Start of DATA FOR REVIEW
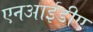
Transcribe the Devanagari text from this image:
एनआईडीए
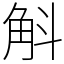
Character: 斛
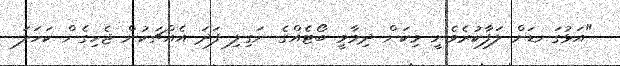
"އަޅުގަނޑަށް ލަފާކުރެވެނީ މިކަން ދިމާވީ ބޯޓެއްގެ ނަގިލި ފަދަ އެއްޗަކުން ޖެހިގެން ކަހަލަ
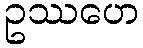
ဥဿဟေ
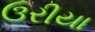
ઉરીયા
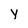
Character: y
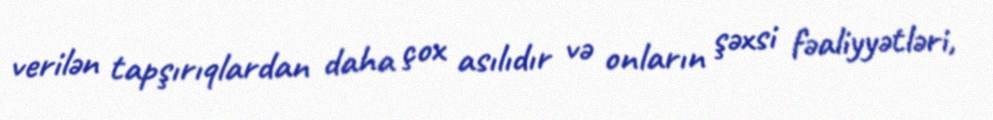
verilən tapşırıqlardan daha çox asılıdır və onların şəxsi fəaliyyətləri,
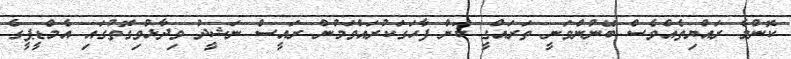
ކޮންމެ ރައްޔިތެއްވެސް ބޭނުންވަނީ ތަރައްގީ ކަން ފާހަގަކުރައްވަމުން ރައީސް ނަޝީދު ވިދާޅުވިގޮތުގައި އެމްޑީޕީގެ
End of DATA FOR REVIEW
WHAT THE TASK ASKS => Exclude images and repeat all entries exactly.

EXERCISE RESULT =>
Transcribe the Devanagari text from this image:
एनआईडीए
Character: 斛
"އަޅުގަނޑަށް ލަފާކުރެވެނީ މިކަން ދިމާވީ ބޯޓެއްގެ ނަގިލި ފަދަ އެއްޗަކުން ޖެހިގެން ކަހަލަ
ဥဿဟေ
ઉરીયા
Character: y
verilən tapşırıqlardan daha çox asılıdır və onların şəxsi fəaliyyətləri,
ކޮންމެ ރައްޔިތެއްވެސް ބޭނުންވަނީ ތަރައްގީ ކަން ފާހަގަކުރައްވަމުން ރައީސް ނަޝީދު ވިދާޅުވިގޮތުގައި އެމްޑީޕީގެ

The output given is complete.